── MATERIAL PROVIDED
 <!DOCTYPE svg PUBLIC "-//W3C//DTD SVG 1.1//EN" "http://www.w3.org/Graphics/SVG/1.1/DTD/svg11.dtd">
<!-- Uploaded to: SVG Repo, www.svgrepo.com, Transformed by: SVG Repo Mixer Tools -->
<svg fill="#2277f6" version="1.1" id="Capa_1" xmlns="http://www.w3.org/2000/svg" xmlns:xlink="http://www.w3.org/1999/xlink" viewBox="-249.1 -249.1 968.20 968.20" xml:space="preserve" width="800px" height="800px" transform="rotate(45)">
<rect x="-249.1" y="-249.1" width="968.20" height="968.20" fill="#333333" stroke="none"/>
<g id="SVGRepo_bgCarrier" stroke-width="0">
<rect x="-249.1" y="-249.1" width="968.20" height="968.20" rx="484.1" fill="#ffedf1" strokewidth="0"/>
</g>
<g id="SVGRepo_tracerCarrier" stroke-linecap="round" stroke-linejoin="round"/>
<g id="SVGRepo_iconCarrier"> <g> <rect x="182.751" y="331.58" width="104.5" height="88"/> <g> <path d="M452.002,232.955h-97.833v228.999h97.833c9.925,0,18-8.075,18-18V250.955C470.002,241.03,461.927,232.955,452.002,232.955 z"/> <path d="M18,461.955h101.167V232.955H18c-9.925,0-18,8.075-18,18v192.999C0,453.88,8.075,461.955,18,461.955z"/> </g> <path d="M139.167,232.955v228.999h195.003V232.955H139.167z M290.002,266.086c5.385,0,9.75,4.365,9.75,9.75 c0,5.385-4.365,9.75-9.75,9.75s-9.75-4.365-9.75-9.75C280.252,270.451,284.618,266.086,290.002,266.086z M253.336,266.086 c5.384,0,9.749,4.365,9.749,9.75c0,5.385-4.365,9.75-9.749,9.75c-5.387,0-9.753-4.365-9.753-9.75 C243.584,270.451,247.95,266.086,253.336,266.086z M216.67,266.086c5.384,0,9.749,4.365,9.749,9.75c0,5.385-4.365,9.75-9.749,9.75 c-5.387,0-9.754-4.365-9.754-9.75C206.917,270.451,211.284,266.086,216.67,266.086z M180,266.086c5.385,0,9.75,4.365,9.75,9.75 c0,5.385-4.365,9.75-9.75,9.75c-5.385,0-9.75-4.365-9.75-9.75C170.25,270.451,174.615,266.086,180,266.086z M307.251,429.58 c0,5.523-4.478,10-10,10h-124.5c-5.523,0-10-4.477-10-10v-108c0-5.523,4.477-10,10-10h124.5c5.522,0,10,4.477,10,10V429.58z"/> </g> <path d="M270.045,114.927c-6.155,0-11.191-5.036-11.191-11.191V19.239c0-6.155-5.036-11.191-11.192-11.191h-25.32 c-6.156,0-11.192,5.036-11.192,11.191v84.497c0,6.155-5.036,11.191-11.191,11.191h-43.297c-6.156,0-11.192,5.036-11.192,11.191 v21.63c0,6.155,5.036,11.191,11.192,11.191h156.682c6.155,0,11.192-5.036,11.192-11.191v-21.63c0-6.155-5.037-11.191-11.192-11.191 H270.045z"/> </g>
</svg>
────
- [WHAT IS BEING ASKED]: Write the records out again. Each one must match exactly.

- [WRITTEN ANSWER]:
 <!DOCTYPE svg PUBLIC "-//W3C//DTD SVG 1.1//EN" "http://www.w3.org/Graphics/SVG/1.1/DTD/svg11.dtd">
<!-- Uploaded to: SVG Repo, www.svgrepo.com, Transformed by: SVG Repo Mixer Tools -->
<svg fill="#2277f6" version="1.1" id="Capa_1" xmlns="http://www.w3.org/2000/svg" xmlns:xlink="http://www.w3.org/1999/xlink" viewBox="-249.1 -249.1 968.20 968.20" xml:space="preserve" width="800px" height="800px" transform="rotate(45)">
<rect x="-249.1" y="-249.1" width="968.20" height="968.20" fill="#333333" stroke="none"/>
<g id="SVGRepo_bgCarrier" stroke-width="0">
<rect x="-249.1" y="-249.1" width="968.20" height="968.20" rx="484.1" fill="#ffedf1" strokewidth="0"/>
</g>
<g id="SVGRepo_tracerCarrier" stroke-linecap="round" stroke-linejoin="round"/>
<g id="SVGRepo_iconCarrier"> <g> <rect x="182.751" y="331.58" width="104.5" height="88"/> <g> <path d="M452.002,232.955h-97.833v228.999h97.833c9.925,0,18-8.075,18-18V250.955C470.002,241.03,461.927,232.955,452.002,232.955 z"/> <path d="M18,461.955h101.167V232.955H18c-9.925,0-18,8.075-18,18v192.999C0,453.88,8.075,461.955,18,461.955z"/> </g> <path d="M139.167,232.955v228.999h195.003V232.955H139.167z M290.002,266.086c5.385,0,9.75,4.365,9.75,9.75 c0,5.385-4.365,9.75-9.75,9.75s-9.75-4.365-9.75-9.75C280.252,270.451,284.618,266.086,290.002,266.086z M253.336,266.086 c5.384,0,9.749,4.365,9.749,9.75c0,5.385-4.365,9.75-9.749,9.75c-5.387,0-9.753-4.365-9.753-9.75 C243.584,270.451,247.95,266.086,253.336,266.086z M216.67,266.086c5.384,0,9.749,4.365,9.749,9.75c0,5.385-4.365,9.75-9.749,9.75 c-5.387,0-9.754-4.365-9.754-9.75C206.917,270.451,211.284,266.086,216.67,266.086z M180,266.086c5.385,0,9.75,4.365,9.75,9.75 c0,5.385-4.365,9.75-9.75,9.75c-5.385,0-9.75-4.365-9.75-9.75C170.25,270.451,174.615,266.086,180,266.086z M307.251,429.58 c0,5.523-4.478,10-10,10h-124.5c-5.523,0-10-4.477-10-10v-108c0-5.523,4.477-10,10-10h124.5c5.522,0,10,4.477,10,10V429.58z"/> </g> <path d="M270.045,114.927c-6.155,0-11.191-5.036-11.191-11.191V19.239c0-6.155-5.036-11.191-11.192-11.191h-25.32 c-6.156,0-11.192,5.036-11.192,11.191v84.497c0,6.155-5.036,11.191-11.191,11.191h-43.297c-6.156,0-11.192,5.036-11.192,11.191 v21.63c0,6.155,5.036,11.191,11.192,11.191h156.682c6.155,0,11.192-5.036,11.192-11.191v-21.63c0-6.155-5.037-11.191-11.192-11.191 H270.045z"/> </g>
</svg>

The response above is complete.